EXERCISE:
Copy out again, unchanged, the listing below from the line that has "-771 449 -243" through the line that has "-243 -50 -252".

----

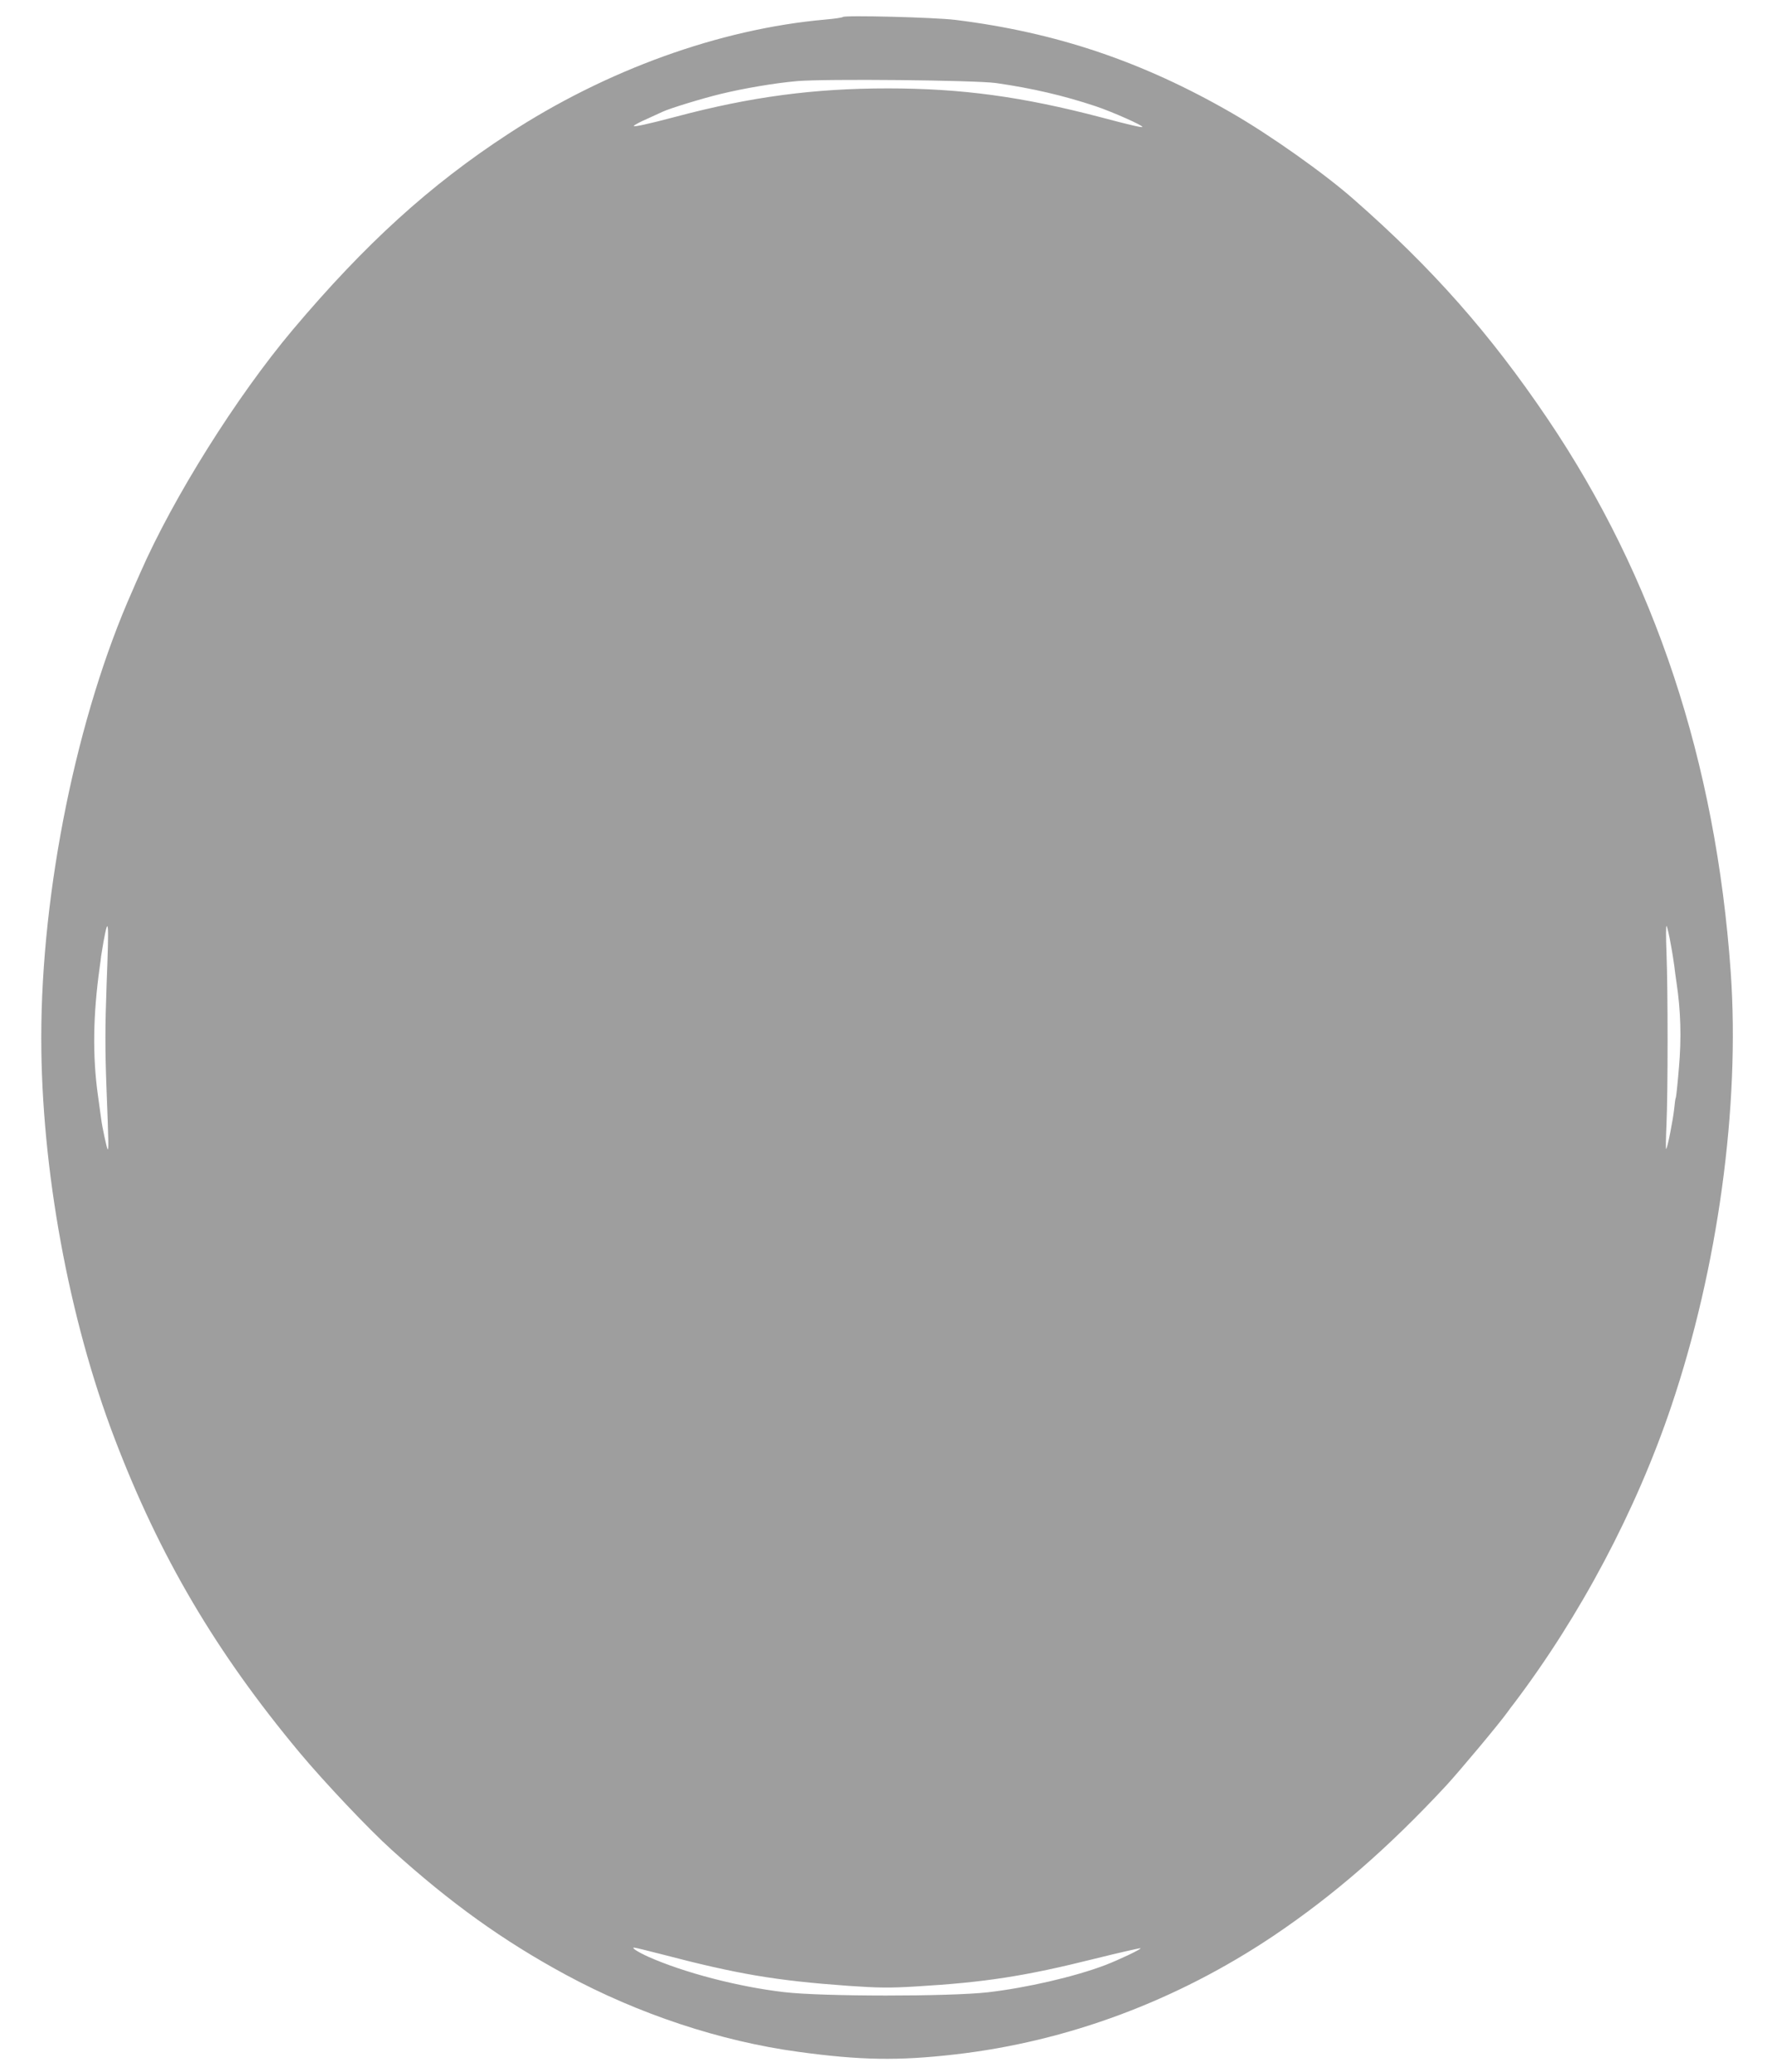 <?xml version="1.0" standalone="no"?>
<!DOCTYPE svg PUBLIC "-//W3C//DTD SVG 20010904//EN"
 "http://www.w3.org/TR/2001/REC-SVG-20010904/DTD/svg10.dtd">
<svg version="1.0" xmlns="http://www.w3.org/2000/svg"
 width="1095pt" height="1280pt" viewBox="0 0 1095 1280"
 preserveAspectRatio="xMidYMid meet">
<g transform="translate(0,1280) scale(0.1,-0.1)"
fill="#9e9e9e" stroke="none">
<path d="M5208 12695 c-3 -4 -53 -11 -110 -16 -651 -58 -1352 -311 -1957 -706
-486 -317 -885 -680 -1332 -1210 -349 -415 -739 -1037 -943 -1503 -16 -36 -37
-83 -46 -105 -344 -771 -565 -1854 -565 -2765 0 -807 170 -1735 453 -2475 278
-729 626 -1320 1143 -1940 151 -181 428 -474 569 -601 364 -329 689 -562 1075
-771 449 -243 958 -412 1440 -477 380 -52 616 -56 965 -16 694 79 1369 330
1970 733 373 251 710 544 1066 927 83 90 329 384 379 454 11 15 28 39 39 52
410 541 756 1192 974 1839 288 853 425 1854 367 2680 -92 1300 -469 2438
-1133 3420 -355 525 -711 928 -1197 1354 -183 161 -517 397 -755 534 -552 318
-1085 497 -1705 574 -131 16 -684 30 -697 18z m947 -408 c223 -32 417 -77 615
-143 105 -35 297 -121 289 -128 -4 -5 -77 12 -254 59 -488 128 -862 179 -1320
179 -456 0 -846 -52 -1305 -174 -181 -48 -270 -67 -263 -57 3 5 40 25 82 43
42 19 85 39 96 44 45 21 247 83 360 110 144 35 334 67 470 79 171 15 1102 6
1230 -12z m4169 -5317 c10 -52 19 -113 22 -135 2 -22 9 -69 14 -105 26 -171
31 -342 15 -523 -8 -98 -17 -182 -19 -186 -3 -4 -7 -34 -10 -66 -7 -69 -41
-243 -50 -252 -3 -3 -2 65 2 153 9 204 9 826 0 1059 -4 99 -4 173 1 165 4 -8
16 -58 25 -110z m-9665 -243 c-10 -273 -10 -406 -1 -648 13 -332 14 -385 7
-378 -5 6 -34 138 -40 189 -3 19 -12 85 -20 145 -34 243 -30 498 11 790 4 27
8 59 9 70 2 11 8 49 14 85 32 175 35 133 20 -253z m3429 -5998 c470 -123 706
-163 1152 -195 188 -13 257 -14 420 -4 424 25 672 63 1104 171 153 38 281 67
284 65 5 -6 -135 -72 -218 -104 -190 -72 -484 -140 -725 -168 -241 -27 -1021
-27 -1260 1 -284 33 -617 120 -838 218 -64 29 -108 57 -89 57 8 0 84 -19 170
-41z"/>
</g>
</svg>

----

ANSWER BOX:
-771 449 -243 958 -412 1440 -477 380 -52 616 -56 965 -16 694 79 1369 330
1970 733 373 251 710 544 1066 927 83 90 329 384 379 454 11 15 28 39 39 52
410 541 756 1192 974 1839 288 853 425 1854 367 2680 -92 1300 -469 2438
-1133 3420 -355 525 -711 928 -1197 1354 -183 161 -517 397 -755 534 -552 318
-1085 497 -1705 574 -131 16 -684 30 -697 18z m947 -408 c223 -32 417 -77 615
-143 105 -35 297 -121 289 -128 -4 -5 -77 12 -254 59 -488 128 -862 179 -1320
179 -456 0 -846 -52 -1305 -174 -181 -48 -270 -67 -263 -57 3 5 40 25 82 43
42 19 85 39 96 44 45 21 247 83 360 110 144 35 334 67 470 79 171 15 1102 6
1230 -12z m4169 -5317 c10 -52 19 -113 22 -135 2 -22 9 -69 14 -105 26 -171
31 -342 15 -523 -8 -98 -17 -182 -19 -186 -3 -4 -7 -34 -10 -66 -7 -69 -41
-243 -50 -252 -3 -3 -2 65 2 153 9 204 9 826 0 1059 -4 99 -4 173 1 165 4 -8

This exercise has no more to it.